Stored items from a collection

+---+

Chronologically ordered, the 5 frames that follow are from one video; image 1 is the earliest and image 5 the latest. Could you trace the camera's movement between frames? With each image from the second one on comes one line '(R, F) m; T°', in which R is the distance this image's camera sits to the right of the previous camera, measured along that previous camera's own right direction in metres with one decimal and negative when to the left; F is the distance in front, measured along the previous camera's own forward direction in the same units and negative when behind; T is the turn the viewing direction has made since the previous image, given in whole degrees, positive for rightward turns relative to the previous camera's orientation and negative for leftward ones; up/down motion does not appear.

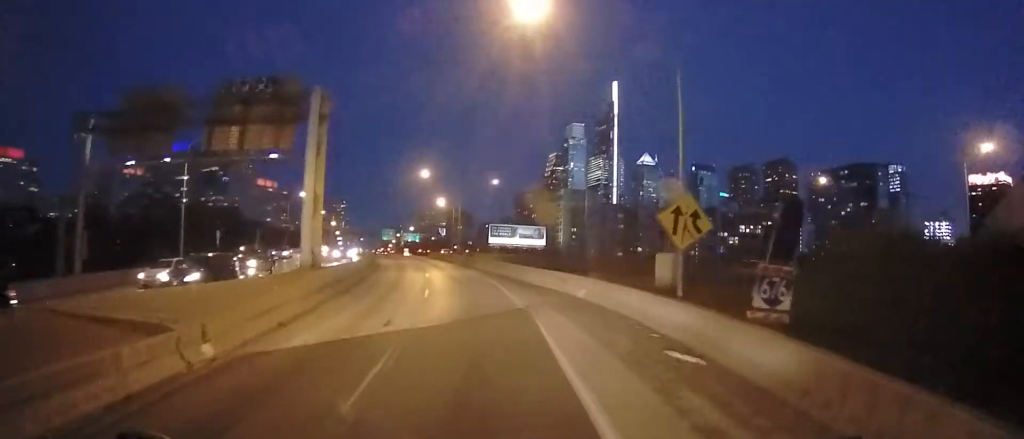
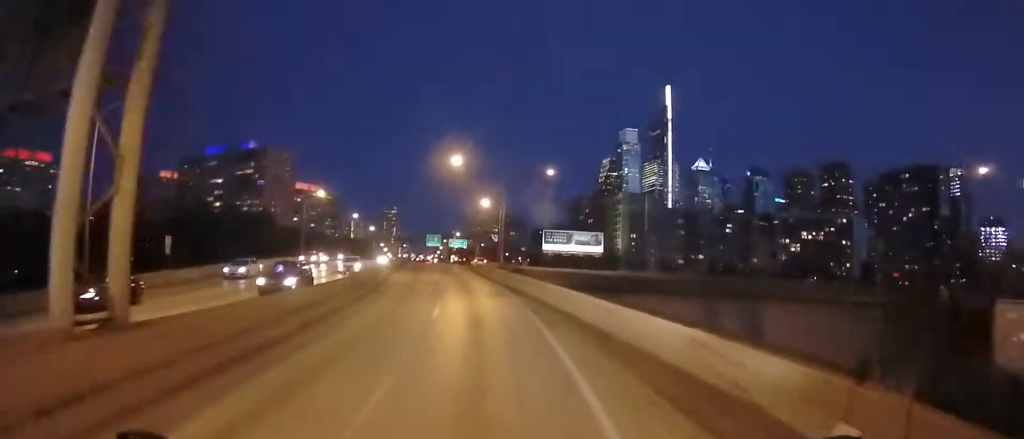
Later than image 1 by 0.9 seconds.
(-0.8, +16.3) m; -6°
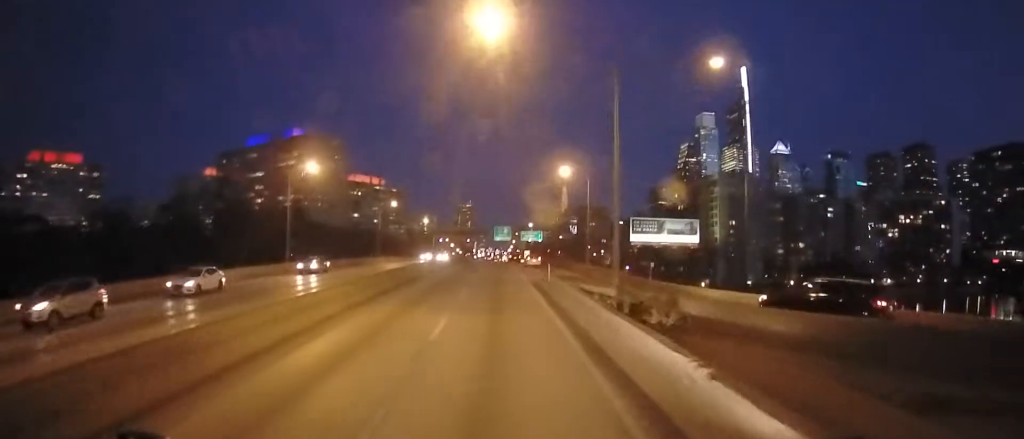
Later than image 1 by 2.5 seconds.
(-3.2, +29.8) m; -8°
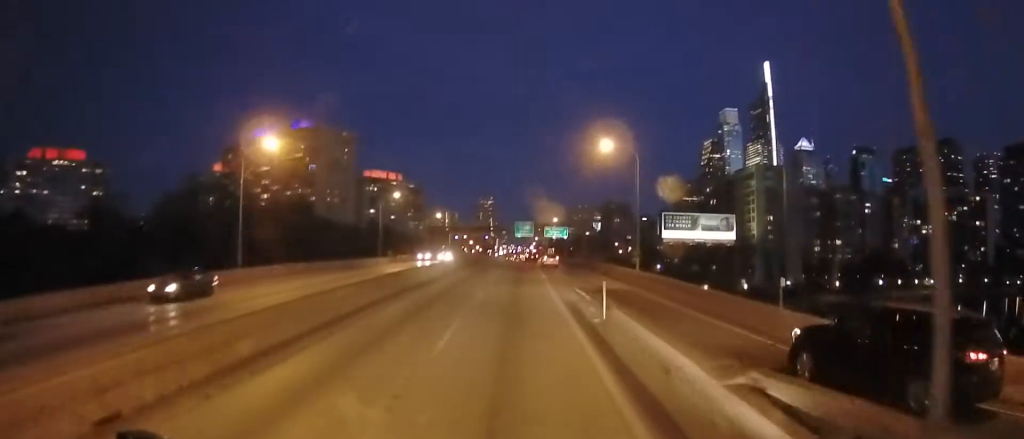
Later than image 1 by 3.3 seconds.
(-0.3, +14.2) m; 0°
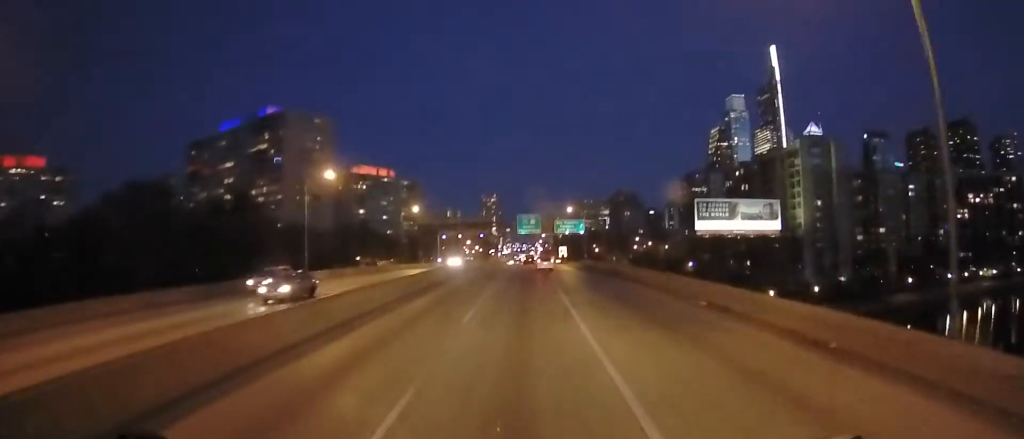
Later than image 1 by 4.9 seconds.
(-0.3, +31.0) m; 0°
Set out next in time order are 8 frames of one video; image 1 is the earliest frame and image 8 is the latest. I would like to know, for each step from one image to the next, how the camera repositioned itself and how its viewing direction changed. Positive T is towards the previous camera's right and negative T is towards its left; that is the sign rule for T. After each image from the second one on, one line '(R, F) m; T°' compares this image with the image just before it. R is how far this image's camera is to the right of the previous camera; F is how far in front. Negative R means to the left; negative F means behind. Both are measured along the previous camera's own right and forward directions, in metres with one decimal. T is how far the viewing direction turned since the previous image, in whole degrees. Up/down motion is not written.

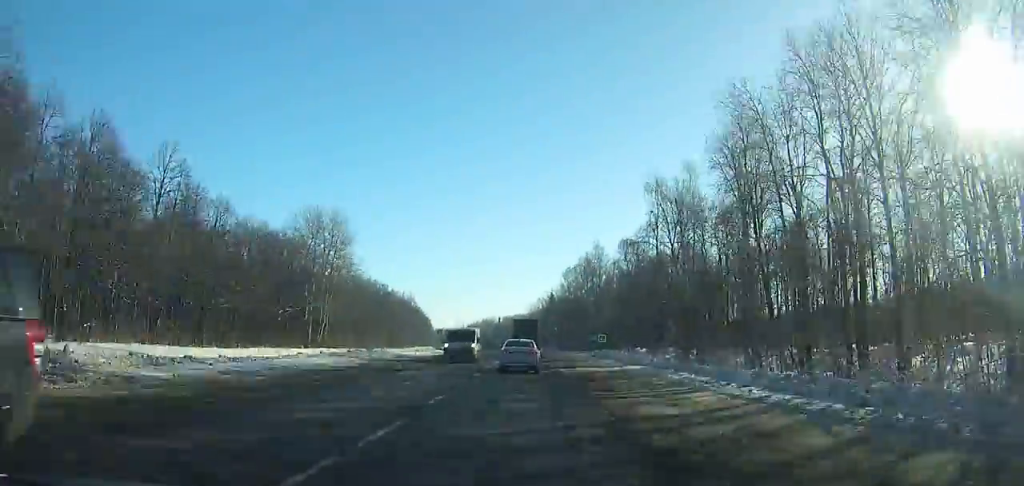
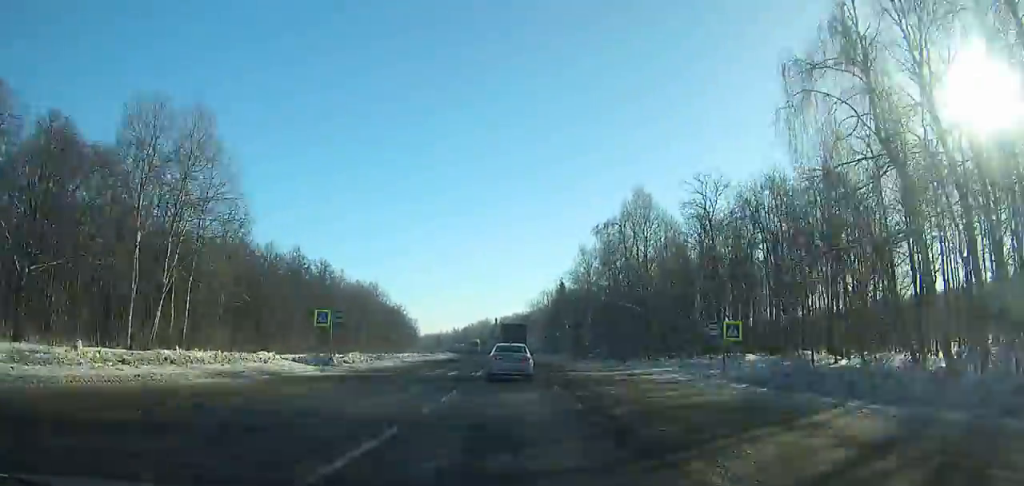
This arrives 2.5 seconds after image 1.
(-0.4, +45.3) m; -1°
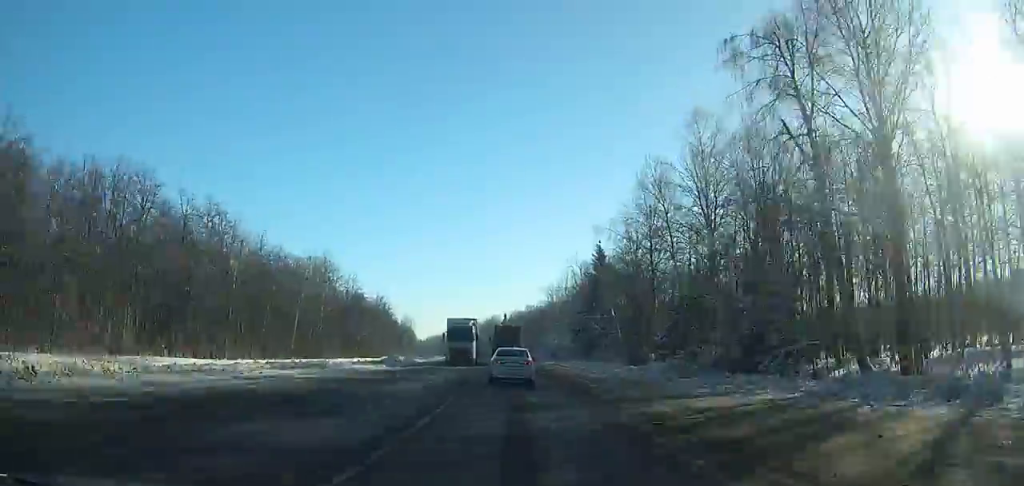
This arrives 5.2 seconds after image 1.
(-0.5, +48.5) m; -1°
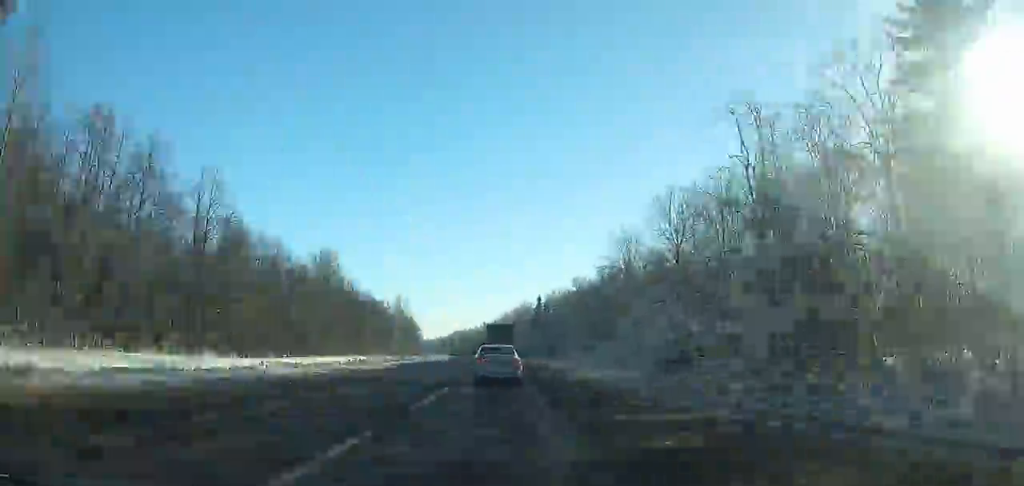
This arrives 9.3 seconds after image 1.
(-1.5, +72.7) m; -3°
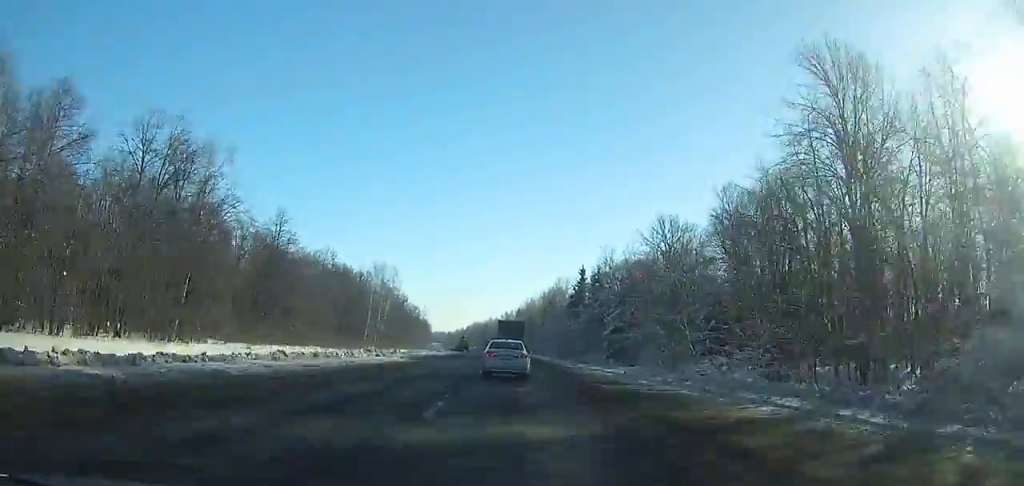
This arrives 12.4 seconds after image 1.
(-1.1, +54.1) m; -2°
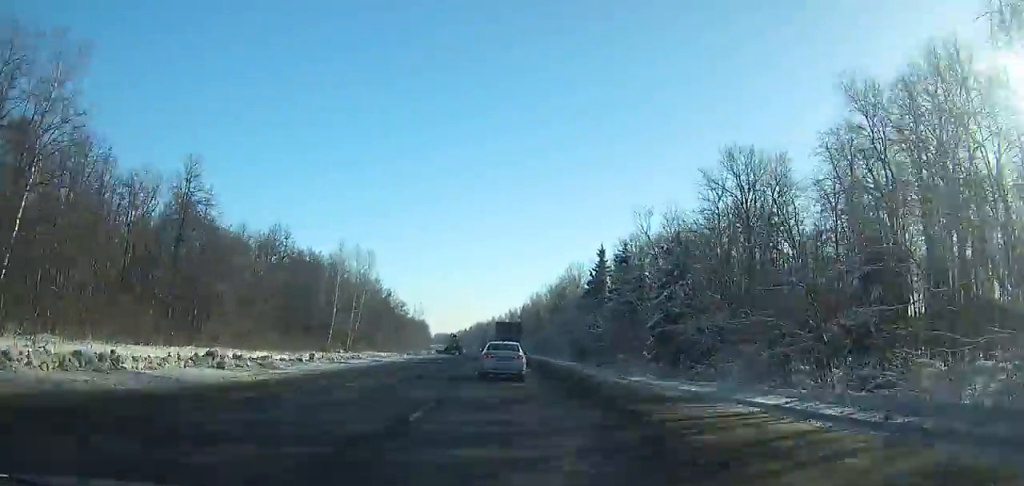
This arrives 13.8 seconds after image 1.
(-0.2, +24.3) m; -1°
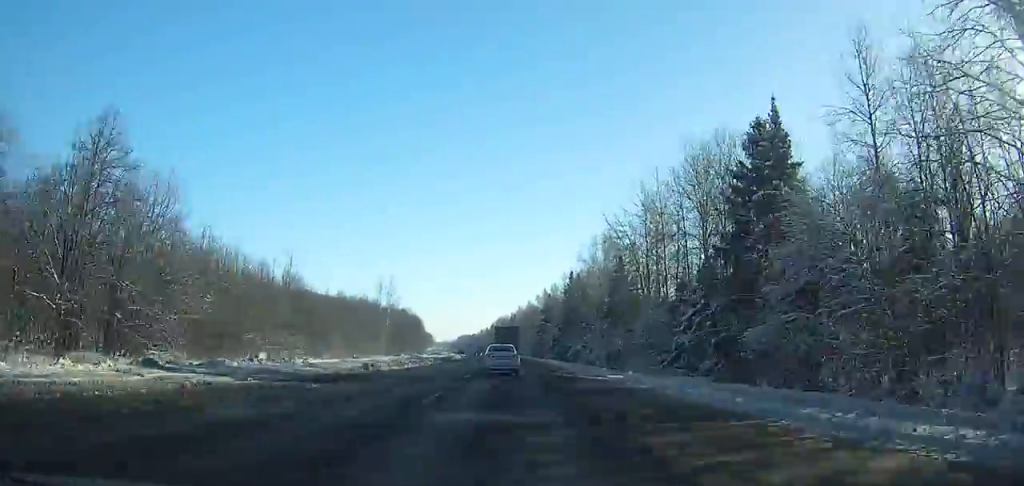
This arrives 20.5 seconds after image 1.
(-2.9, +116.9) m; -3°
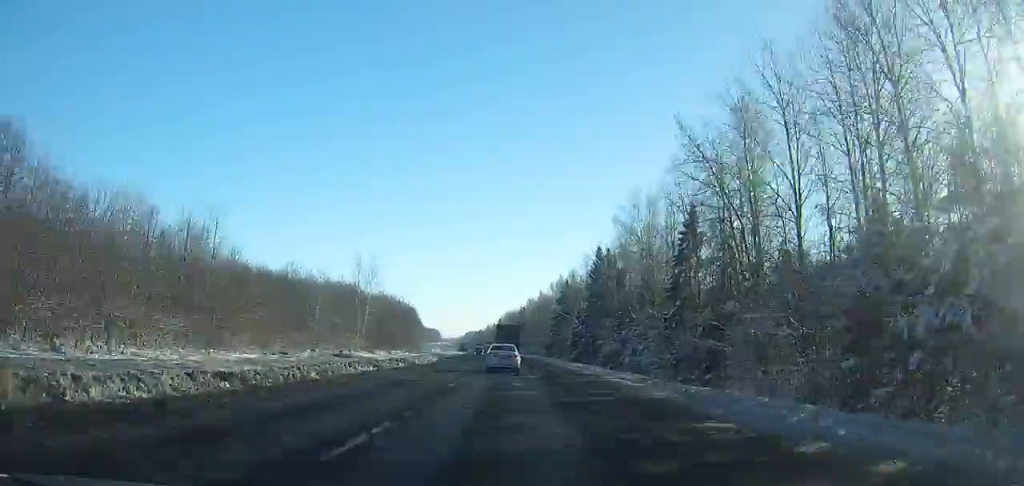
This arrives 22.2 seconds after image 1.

+---+

EXERCISE REQUIREMENTS: Could you repeat each line above exactly as written? Omit the pictures.

EXPECTED ANSWER:
Chronologically ordered, the 5 frames that follow are from one video; image 1 is the earliest and image 5 the latest. Could you trace the camera's movement between frames? With each image from the second one on comes one line '(R, F) m; T°', in which R is the distance this image's camera sits to the right of the previous camera, measured along that previous camera's own right direction in metres with one decimal and negative when to the left; F is the distance in front, measured along the previous camera's own forward direction in the same units and negative when behind; T is the turn the viewing direction has made since the previous image, given in whole degrees, positive for rightward turns relative to the previous camera's orientation and negative for leftward ones; up/down motion does not appear.

Later than image 1 by 0.9 seconds.
(-0.8, +16.3) m; -6°
Later than image 1 by 2.5 seconds.
(-3.2, +29.8) m; -8°
Later than image 1 by 3.3 seconds.
(-0.3, +14.2) m; 0°
Later than image 1 by 4.9 seconds.
(-0.3, +31.0) m; 0°
Set out next in time order are 8 frames of one video; image 1 is the earliest frame and image 8 is the latest. I would like to know, for each step from one image to the next, how the camera repositioned itself and how its viewing direction changed. Positive T is towards the previous camera's right and negative T is towards its left; that is the sign rule for T. After each image from the second one on, one line '(R, F) m; T°' compares this image with the image just before it. R is how far this image's camera is to the right of the previous camera; F is how far in front. Negative R means to the left; negative F means behind. Both are measured along the previous camera's own right and forward directions, in metres with one decimal. T is how far the viewing direction turned since the previous image, in whole degrees. Up/down motion is not written.

This arrives 2.5 seconds after image 1.
(-0.4, +45.3) m; -1°
This arrives 5.2 seconds after image 1.
(-0.5, +48.5) m; -1°
This arrives 9.3 seconds after image 1.
(-1.5, +72.7) m; -3°
This arrives 12.4 seconds after image 1.
(-1.1, +54.1) m; -2°
This arrives 13.8 seconds after image 1.
(-0.2, +24.3) m; -1°
This arrives 20.5 seconds after image 1.
(-2.9, +116.9) m; -3°
This arrives 22.2 seconds after image 1.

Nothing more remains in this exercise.